Task: For this exercise, output every line of the data as it stands.

Records excerpted from a collection:
▼

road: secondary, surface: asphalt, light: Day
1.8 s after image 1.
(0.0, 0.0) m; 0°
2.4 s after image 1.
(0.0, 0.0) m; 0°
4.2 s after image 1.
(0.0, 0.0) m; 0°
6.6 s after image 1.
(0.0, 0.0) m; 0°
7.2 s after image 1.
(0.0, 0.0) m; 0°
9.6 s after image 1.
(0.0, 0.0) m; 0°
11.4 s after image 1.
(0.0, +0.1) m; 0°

▲

Finished task:
road: secondary, surface: asphalt, light: Day
1.8 s after image 1.
(0.0, 0.0) m; 0°
2.4 s after image 1.
(0.0, 0.0) m; 0°
4.2 s after image 1.
(0.0, 0.0) m; 0°
6.6 s after image 1.
(0.0, 0.0) m; 0°
7.2 s after image 1.
(0.0, 0.0) m; 0°
9.6 s after image 1.
(0.0, 0.0) m; 0°
11.4 s after image 1.
(0.0, +0.1) m; 0°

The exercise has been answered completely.